[Opening MATERIAL SHOWN section]

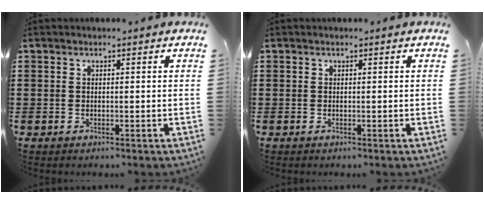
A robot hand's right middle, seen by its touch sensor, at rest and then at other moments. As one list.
[{"total": 0.0}]
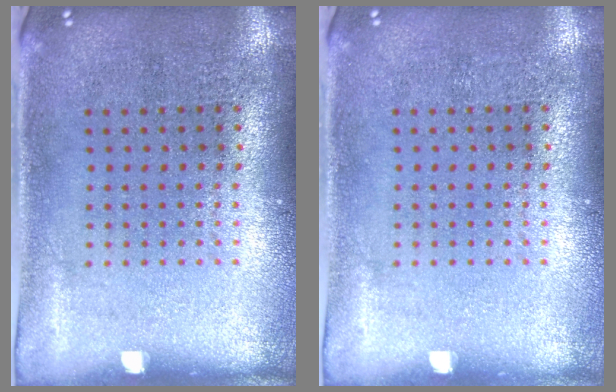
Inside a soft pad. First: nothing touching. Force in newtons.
{"total": 0.0}
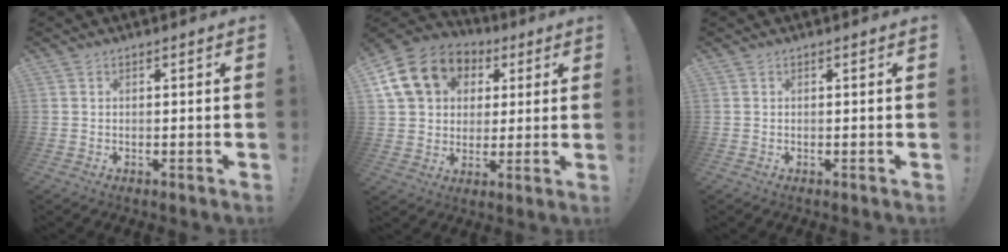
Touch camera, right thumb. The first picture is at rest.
{"total": 17.7, "force": [6.5, 14.0, 8.5], "torque": [-0.127, -0.017, 0.137]}
{"total": 0.0}
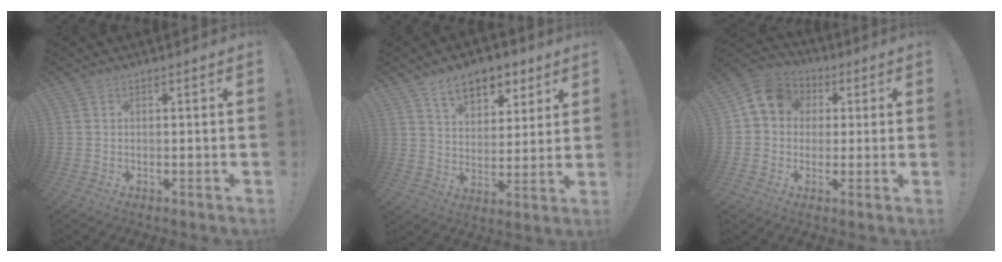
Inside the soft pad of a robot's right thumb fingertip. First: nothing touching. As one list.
[{"total": 11.6, "force": [7.6, 6.8, 5.6], "torque": [-0.075, -0.044, 0.137]}, {"total": 10.1, "force": [2.5, 8.6, 4.5], "torque": [-0.060, 0.005, 0.052]}]
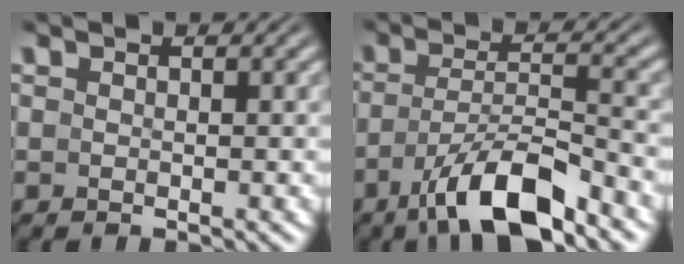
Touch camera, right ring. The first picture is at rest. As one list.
[{"total": 6.3, "force": [-3.6, 1.5, 5.0], "torque": [-0.076, -0.019, -0.051]}]
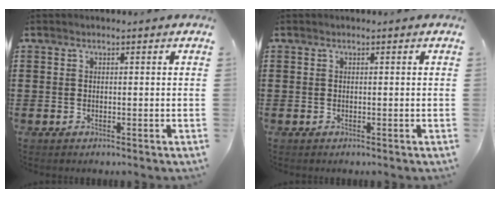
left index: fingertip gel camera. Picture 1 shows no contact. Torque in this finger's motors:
{"motor_torque": [-0.01, 0.00, -0.01, 0.00]}
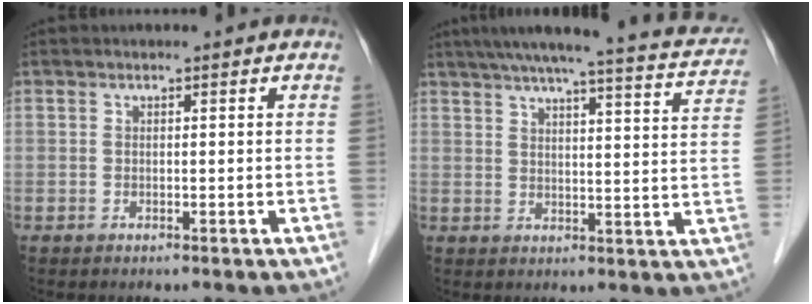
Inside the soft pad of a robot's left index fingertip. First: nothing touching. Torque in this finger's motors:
{"motor_torque": [-0.17, -0.52, 0.21, 0.12]}
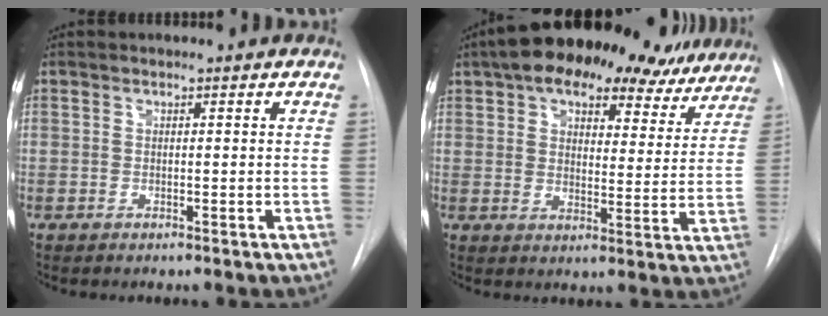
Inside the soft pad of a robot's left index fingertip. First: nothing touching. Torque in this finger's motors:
{"motor_torque": [0.93, -1.21, 0.93, 0.21]}
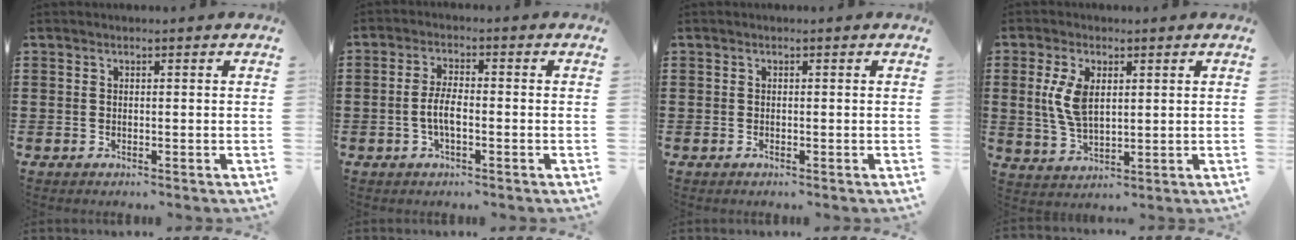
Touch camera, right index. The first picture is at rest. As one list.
[{"total": 3.9, "force": [-1.0, 1.3, 3.6], "torque": [-0.083, -0.002, -0.025]}, {"total": 0.0}, {"total": 6.5, "force": [1.4, 3.3, 5.4], "torque": [-0.127, 0.004, 0.020]}]
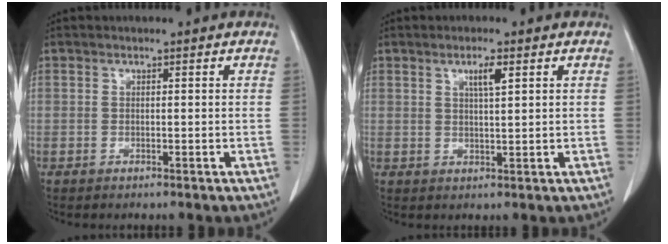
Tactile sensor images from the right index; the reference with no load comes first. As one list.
[{"total": 2.8, "force": [1.3, 0.2, 2.4], "torque": [-0.044, -0.001, 0.022]}]
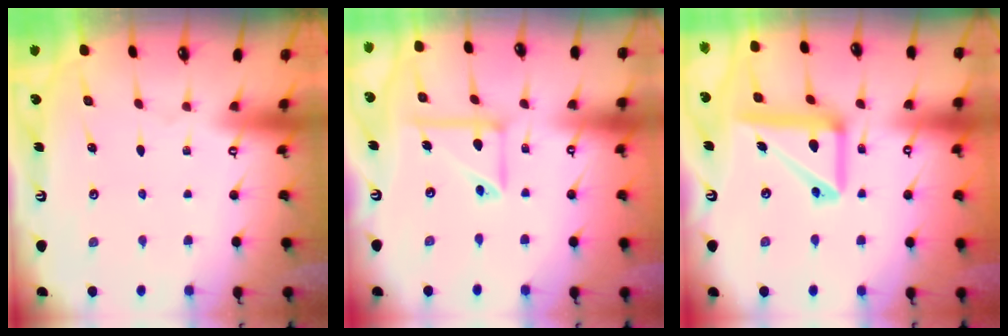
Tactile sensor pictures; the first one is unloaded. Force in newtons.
{"total": 11.2, "press": 11.1, "slide": 1.6}
{"total": 14.4, "press": 14.2, "slide": 2.3}
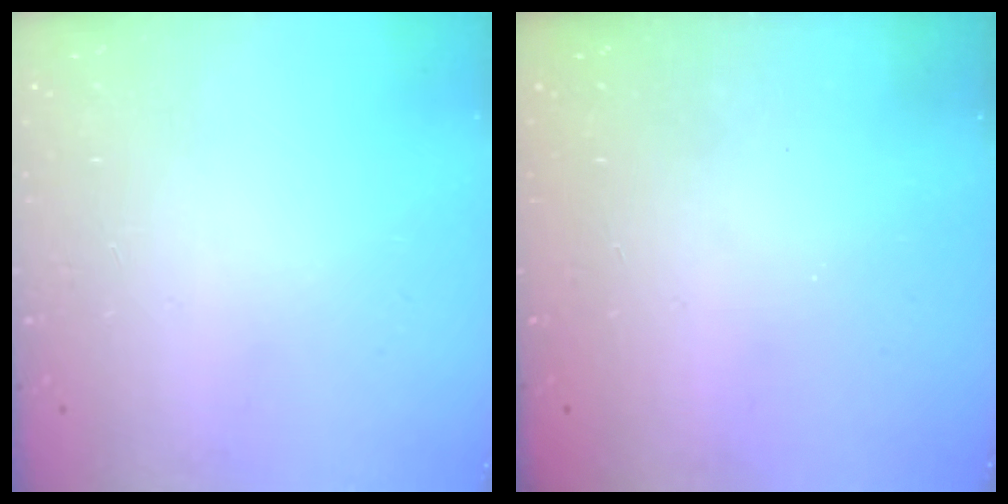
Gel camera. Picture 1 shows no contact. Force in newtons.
{"total": 2.3, "press": 2.2, "slide": 0.8}
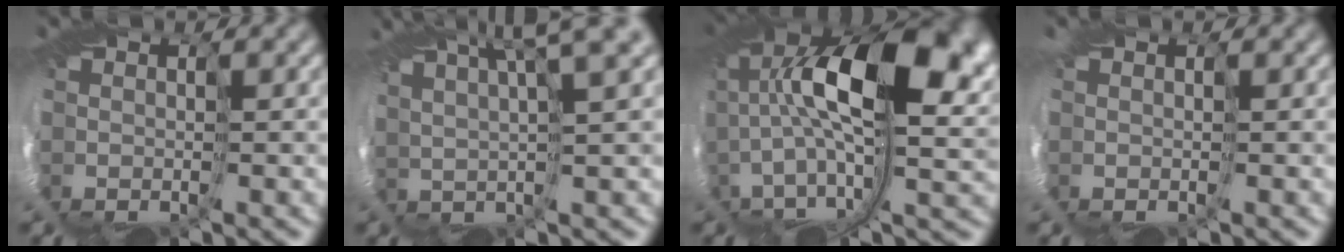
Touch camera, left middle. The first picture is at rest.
{"total": 5.7, "force": [4.5, -1.2, 3.3], "torque": [-0.029, 0.035, 0.038]}
{"total": 13.1, "force": [2.8, 4.8, 11.9], "torque": [-0.215, -0.003, 0.056]}
{"total": 0.6, "force": [0.1, -0.4, -0.4], "torque": [0.008, 0.000, 0.001]}
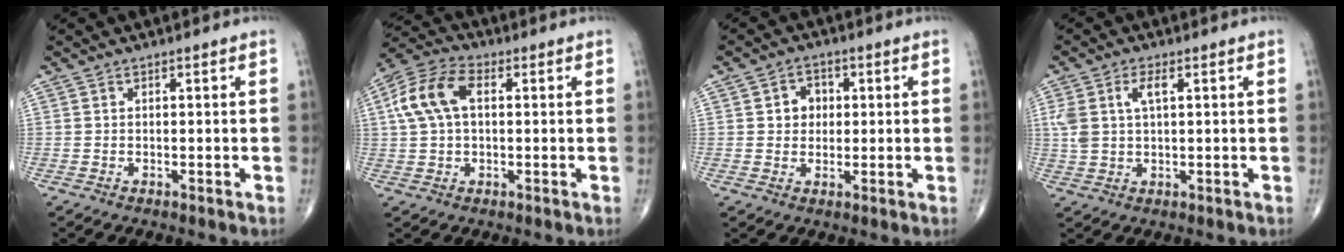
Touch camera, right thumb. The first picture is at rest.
{"total": 10.2, "force": [1.9, 5.6, 8.3], "torque": [-0.182, 0.028, 0.031]}
{"total": 4.4, "force": [0.8, 3.8, 2.2], "torque": [-0.008, 0.005, 0.008]}
{"total": 5.8, "force": [1.7, 2.8, 4.8], "torque": [-0.115, 0.012, 0.039]}
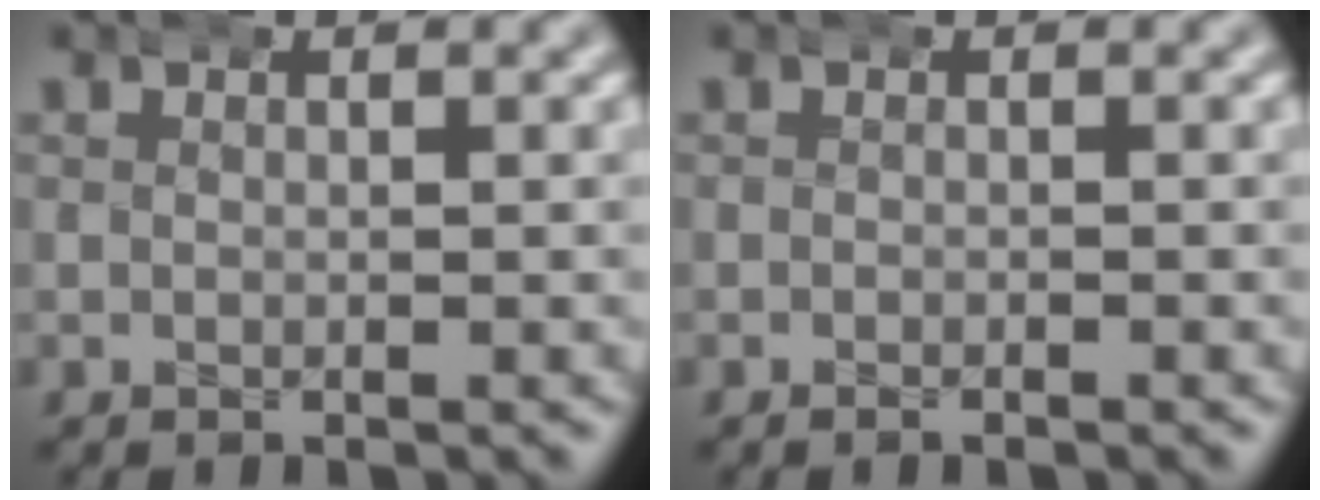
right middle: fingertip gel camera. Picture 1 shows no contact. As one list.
[{"total": 0.9, "force": [-0.8, 0.1, 0.4], "torque": [-0.005, -0.002, -0.013]}]
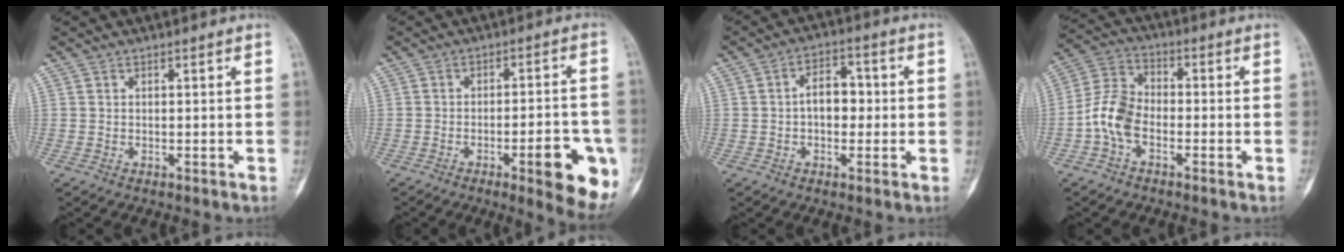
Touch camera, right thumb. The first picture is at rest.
{"total": 12.8, "force": [-5.0, 3.4, 11.2], "torque": [-0.127, 0.015, -0.059]}
{"total": 5.7, "force": [-0.3, 3.8, 4.3], "torque": [-0.042, 0.016, -0.011]}
{"total": 8.3, "force": [-2.7, 5.2, 5.9], "torque": [-0.114, 0.029, -0.065]}
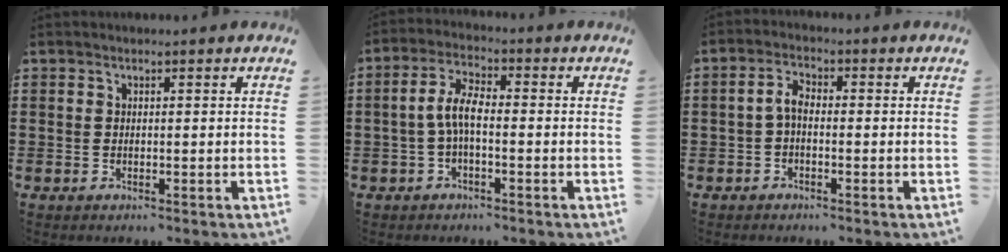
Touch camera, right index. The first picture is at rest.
{"total": 5.5, "force": [-0.9, 2.0, 5.1], "torque": [-0.112, 0.001, -0.023]}
{"total": 3.2, "force": [-0.7, 1.4, 2.8], "torque": [-0.067, 0.002, -0.020]}
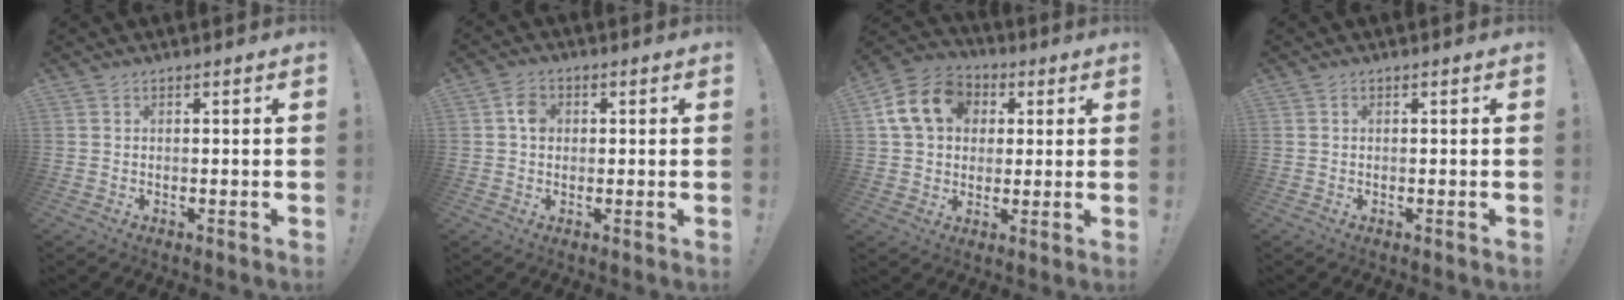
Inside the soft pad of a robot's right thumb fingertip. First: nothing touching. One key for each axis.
{"total": 4.4, "fx": 0.4, "fy": 3.5, "fz": 2.6, "tx": -0.039, "ty": 0.007, "tz": 0.006}
{"total": 15.5, "fx": 4.5, "fy": 12.4, "fz": 8.1, "tx": -0.117, "ty": 0.005, "tz": 0.093}
{"total": 0.0}
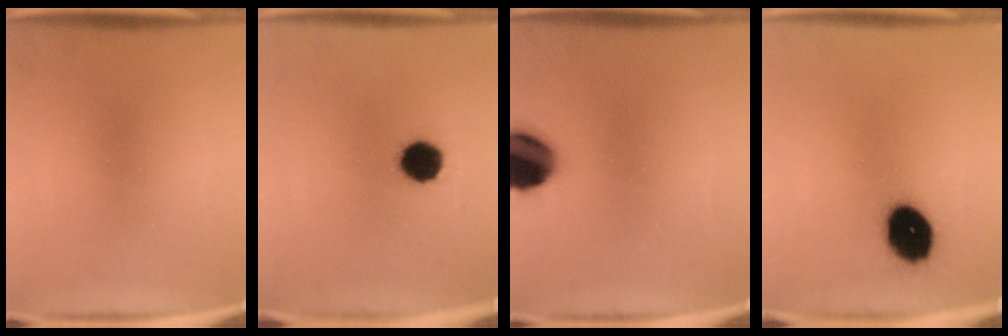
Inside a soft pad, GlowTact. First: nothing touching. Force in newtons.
{"total": 8.7}
{"total": 14.1}
{"total": 12.7}
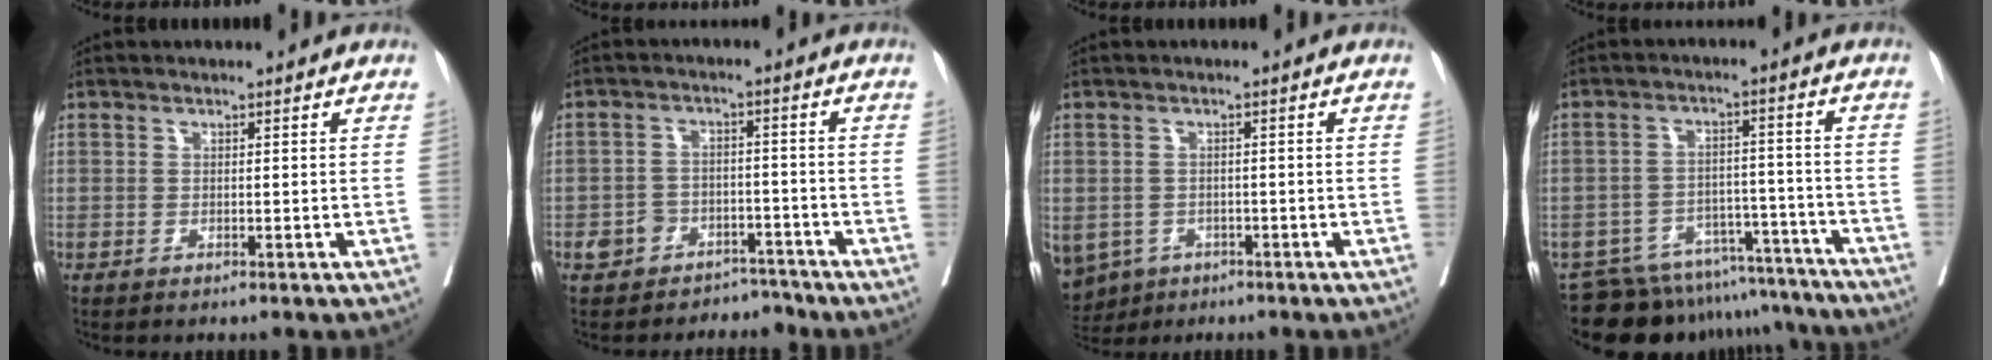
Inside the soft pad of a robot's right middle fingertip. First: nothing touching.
{"total": 5.4, "force": [-4.3, 3.3, 0.4], "torque": [-0.001, 0.020, -0.065]}
{"total": 10.6, "force": [-5.3, 8.5, 3.6], "torque": [-0.111, -0.007, -0.070]}
{"total": 16.4, "force": [-15.0, 5.9, 2.9], "torque": [-0.044, 0.027, -0.200]}
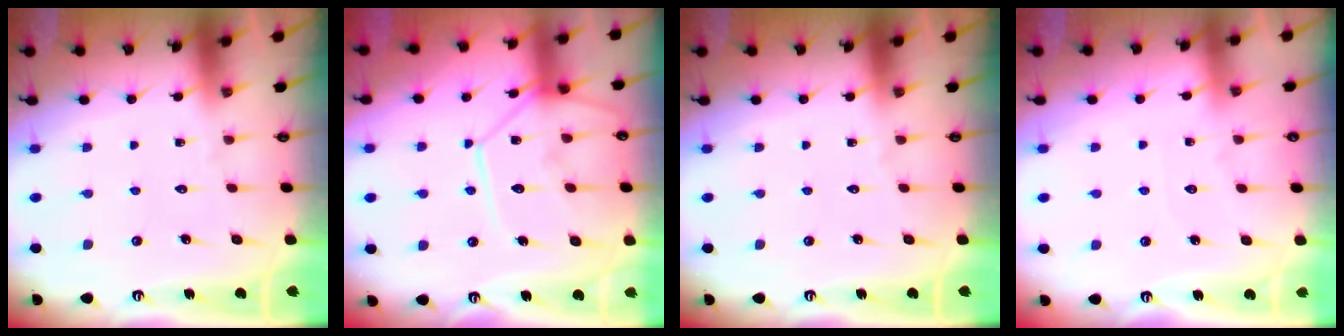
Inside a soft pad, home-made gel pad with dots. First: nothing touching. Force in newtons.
{"total": 13.7, "press": 13.6, "slide": 1.1}
{"total": 0.0}
{"total": 2.4, "press": 2.4, "slide": 0.4}
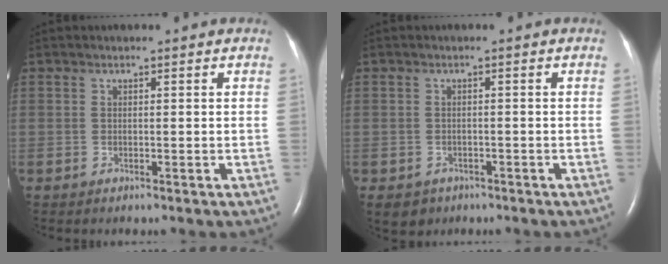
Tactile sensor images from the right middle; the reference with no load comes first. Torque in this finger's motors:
{"motor_torque": [0.12, -0.07, 0.08, 0.03]}
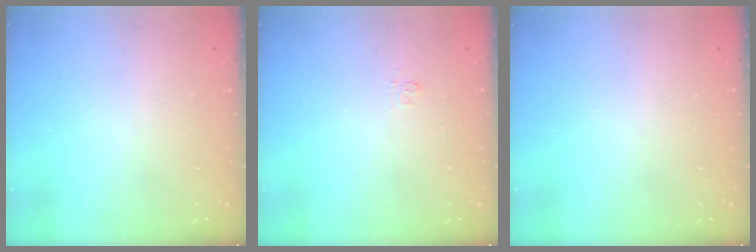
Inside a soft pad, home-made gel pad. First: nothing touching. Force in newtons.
{"total": 3.2, "press": 3.2, "slide": 0.4}
{"total": 0.0}
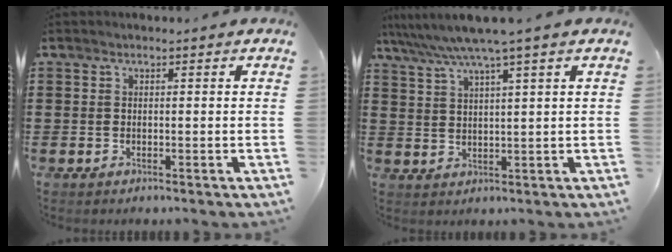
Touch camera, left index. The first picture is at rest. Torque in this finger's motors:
{"motor_torque": [1.09, -1.05, 0.69, 0.21]}
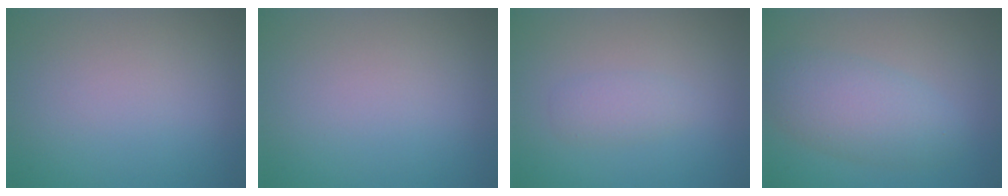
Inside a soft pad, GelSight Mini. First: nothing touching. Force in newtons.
{"total": 0.0}
{"total": 1.4, "press": 1.4, "slide": 0.0}
{"total": 4.5, "press": 4.5, "slide": 0.2}
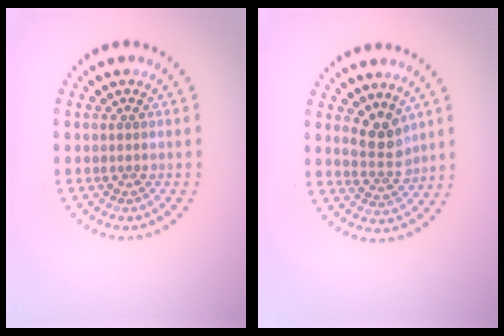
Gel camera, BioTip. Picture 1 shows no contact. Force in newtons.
{"total": 2.9, "press": 2.5, "slide": 1.4}

[Closing MATERIAL SHOWN section]

> PROMPT
Copy the lines of the records, beginning where the line containing "Inside a soft pad, home-made gel pad with" appears and continuing through the final line, exactly and with no pictures.

> EXPECTED ANSWER
Inside a soft pad, home-made gel pad with dots. First: nothing touching. Force in newtons.
{"total": 13.7, "press": 13.6, "slide": 1.1}
{"total": 0.0}
{"total": 2.4, "press": 2.4, "slide": 0.4}
Tactile sensor images from the right middle; the reference with no load comes first. Torque in this finger's motors:
{"motor_torque": [0.12, -0.07, 0.08, 0.03]}
Inside a soft pad, home-made gel pad. First: nothing touching. Force in newtons.
{"total": 3.2, "press": 3.2, "slide": 0.4}
{"total": 0.0}
Touch camera, left index. The first picture is at rest. Torque in this finger's motors:
{"motor_torque": [1.09, -1.05, 0.69, 0.21]}
Inside a soft pad, GelSight Mini. First: nothing touching. Force in newtons.
{"total": 0.0}
{"total": 1.4, "press": 1.4, "slide": 0.0}
{"total": 4.5, "press": 4.5, "slide": 0.2}
Gel camera, BioTip. Picture 1 shows no contact. Force in newtons.
{"total": 2.9, "press": 2.5, "slide": 1.4}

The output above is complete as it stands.